Note that the script allows the primer sequences within reads to be preceded by up to six bases (any sequence), corresponding to variable length inserts used as a part of the Symbiosis Evolution Group workflow. However, the script does not currently allow for any mismatches between the provided primers and the reads.
piotr.lukasik@azor:~$ cat /mnt/qnap/users/symbio/references/primer_list_standard.txt
#### Standard primers
COI_BF3HYMBR2 CCHGAYATRKCHTWYCCHCG TCDGGRTGNCCRAARAAYCA
16S_V4 GTGYCAGCMGCCGCGGTAA GGACTACNVGGGTWTCTAAT
16S_V1V2 AGMGTTYGATYMTGGCTCAG TGCTGCCTCCCGTAGGAGT
ITS2 GTGARTCATCGAATCTTTG CCTCCGCTTATTGATATGC
ITS1a TGGTCATTTAGAGGAAGTAA GCGTTCTTCATCGAT
nu_SSU CGATAACGAACGAGACCT ANCCATTCAATCGGTANT
The required file sample_list.txt contains library IDs and file names, where any non-commented-out lines should be organized as follows:
SAMPLE_NAME R1_FILE_NAME.fastq R1_FILE_NAME.fastq
Note that the files need to be uncompressed --- fastq.gz would not do!
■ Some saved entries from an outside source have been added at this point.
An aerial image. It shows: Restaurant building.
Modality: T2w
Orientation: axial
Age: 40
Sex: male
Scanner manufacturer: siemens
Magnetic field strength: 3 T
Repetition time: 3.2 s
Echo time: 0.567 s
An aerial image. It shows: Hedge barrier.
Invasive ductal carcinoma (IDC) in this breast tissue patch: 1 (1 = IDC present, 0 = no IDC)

(base) piotr.lukasik@azor:~/split_gunzipped_tests$ head sample_list.txt
IPA0680 IPA0680_R1.fq.gz IPA0680_R2.fq.gz
IPA0681 IPA0681_R1.fq.gz IPA0681_R2.fq.gz
IPA0682 IPA0682_R1.fq.gz IPA0682_R2.fq.gz
...
How to create such sample list? You can use some combination of Excel and REGEX, or whatever you please, of course. But if your samples have the names as above, a convenient way could be a Unix pipe:
### assuming that your input files are in the directory where you execute the script, and have name format SampleName_R1.fq.gz, SampleName_R2.fq.gz:
for file in *_R1.fq.gz; do
SampleName=`basename $file _R1.fq.gz `
SampleNameMod=$(echo "$SampleName" | sed 's/-/_/g' | sed 's/_S[0-9]\+$//g')
echo $SampleNameMod "$SampleName"_R1.fq.gz "$SampleName"_R2.fq.gz >> sample_list.txt
done
The output_dir is wherever you want to move your post-splitting files!